FAQ – Questions fréquentes sur les maladies du prunier

Pourquoi les feuilles de mon prunier se recroquevillent ?

Des feuilles qui se recroquevillent sont très souvent le signe d’une attaque de pucerons. Ces insectes se cachent sous les feuilles et sucent la sève, ce qui provoque leur déformation. Ce n’est pas une maladie cryptogamique (champignon), mais les pucerons peuvent transmettre des virus comme la sharka.

Quand traiter un prunier à la bouillie bordelaise ?

La bouillie bordelaise est un traitement préventif, pas curatif. Elle s’applique principalement à deux moments :

  • En automne, après la chute des feuilles, pour nettoyer l’arbre des spores de champignons qui hivernent.
  • À la fin de l’hiver, juste avant l’ouverture des bourgeons (stade du débourrement), pour protéger l’arbre des infections printanières comme la cloque ou la moniliose.

Comment se débarrasser de la moniliose naturellement ?

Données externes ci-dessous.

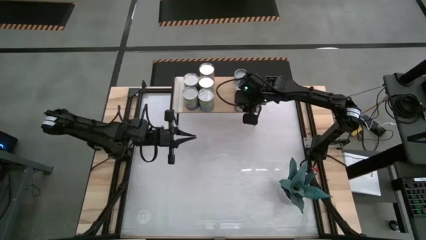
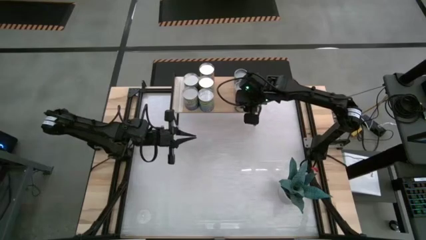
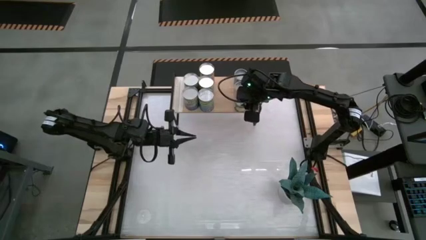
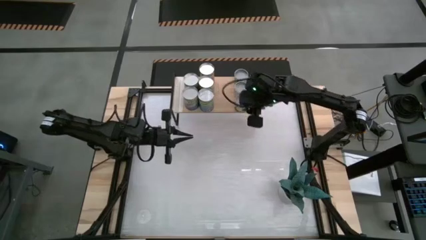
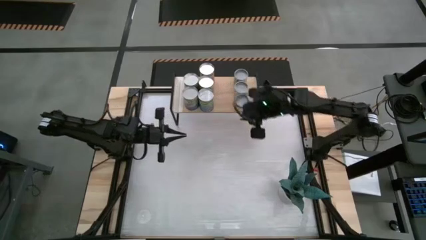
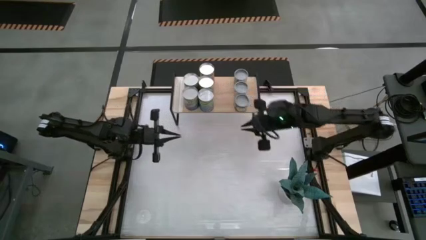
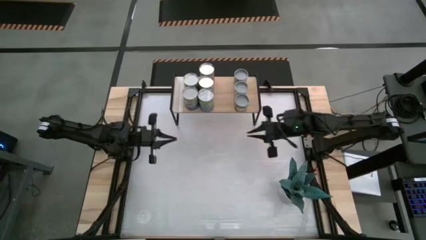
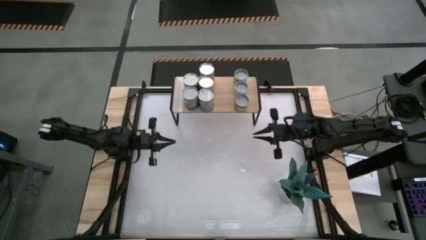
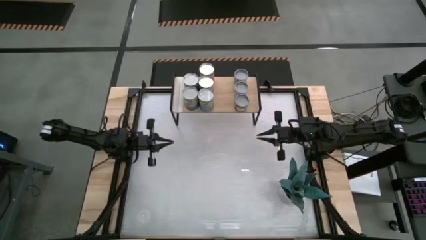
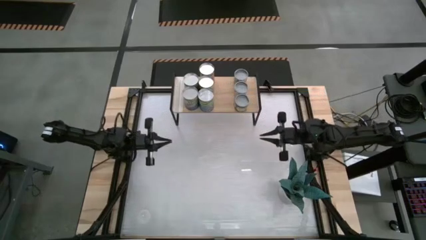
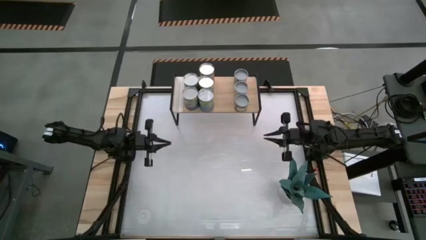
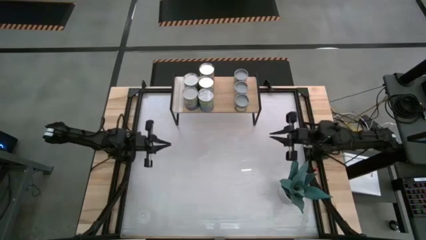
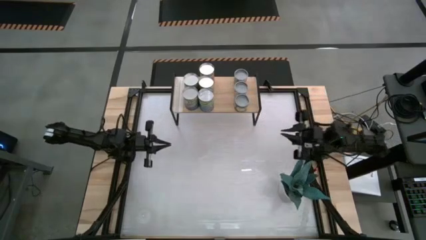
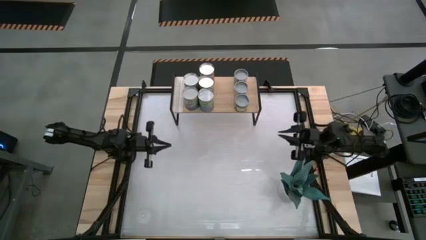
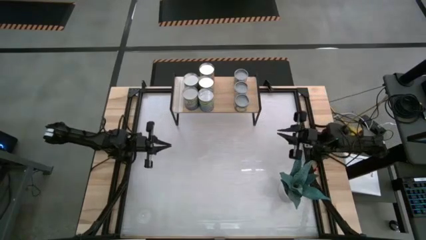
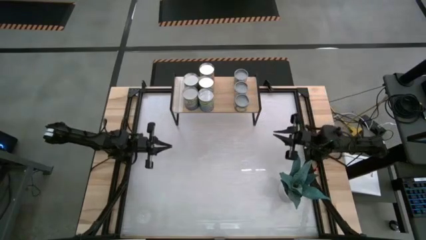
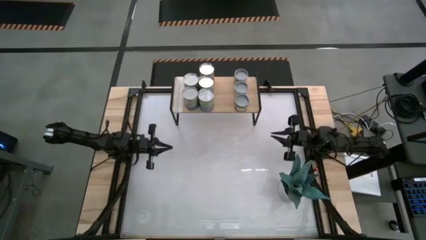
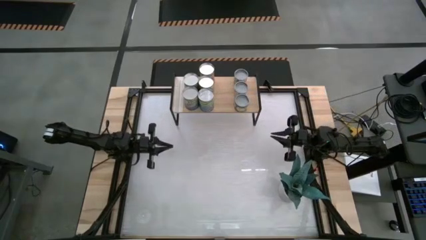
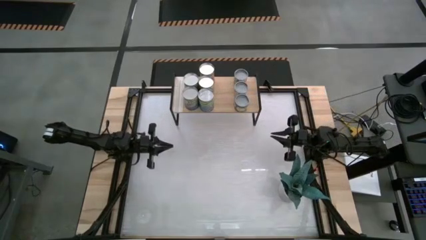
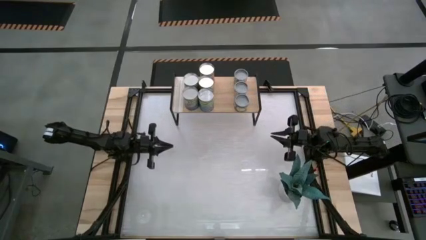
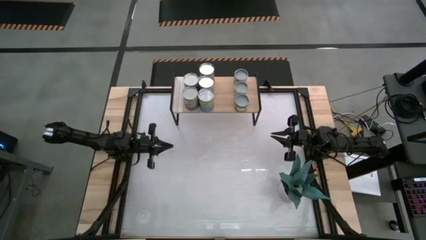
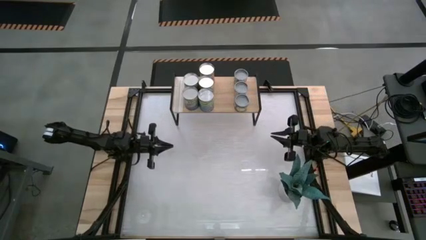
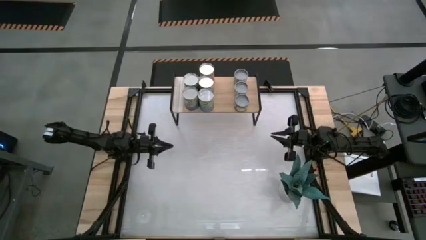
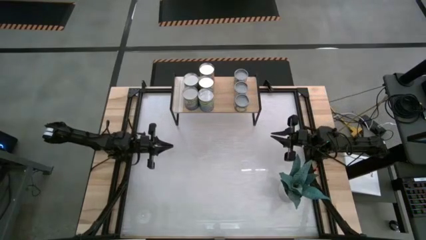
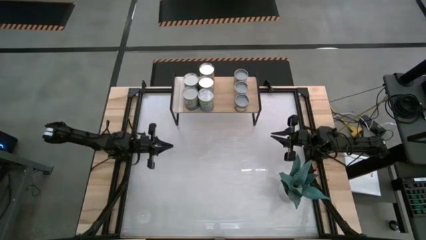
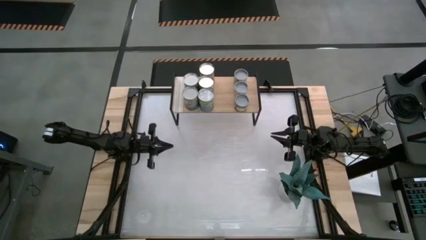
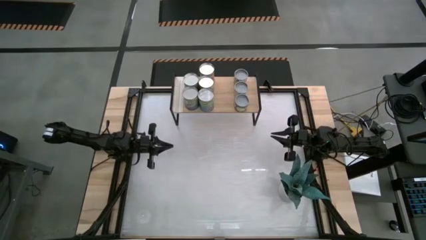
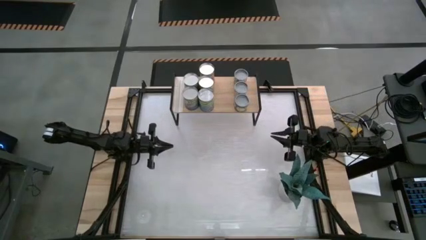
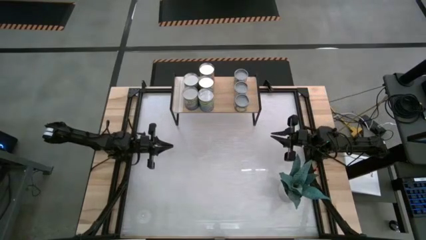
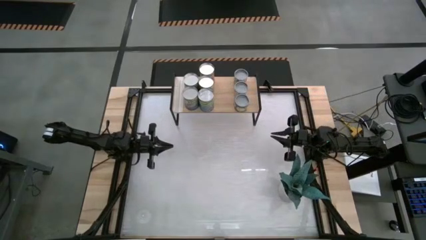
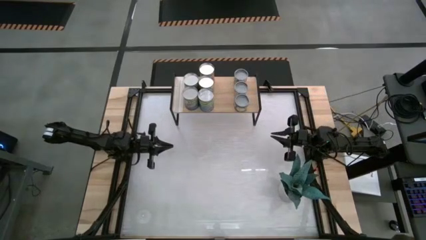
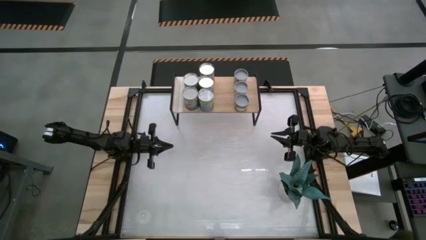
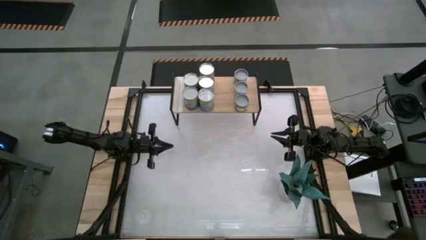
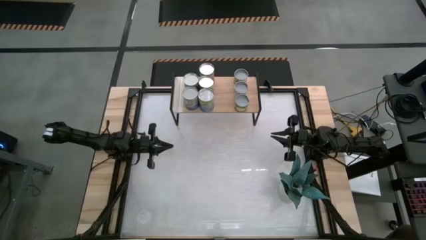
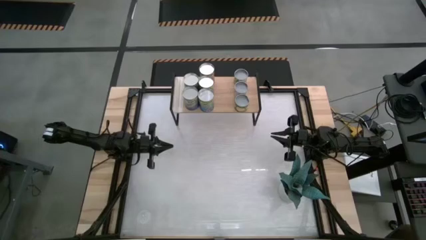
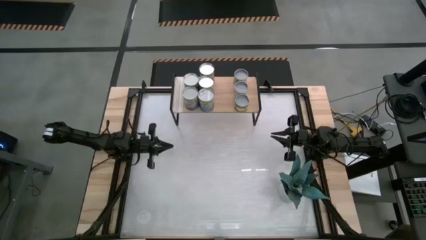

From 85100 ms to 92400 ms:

La lutte naturelle contre la moniliose repose sur des gestes préventifs. Il faut supprimer et brûler systématiquement tous les fruits momifiés et les rameaux desséchés. Ensuite, une bonne taille d’éclaircie pour aérer l’arbre est indispensable. Enfin, des pulvérisations de décoction de prêle au printemps peuvent renforcer les défenses de l’arbre.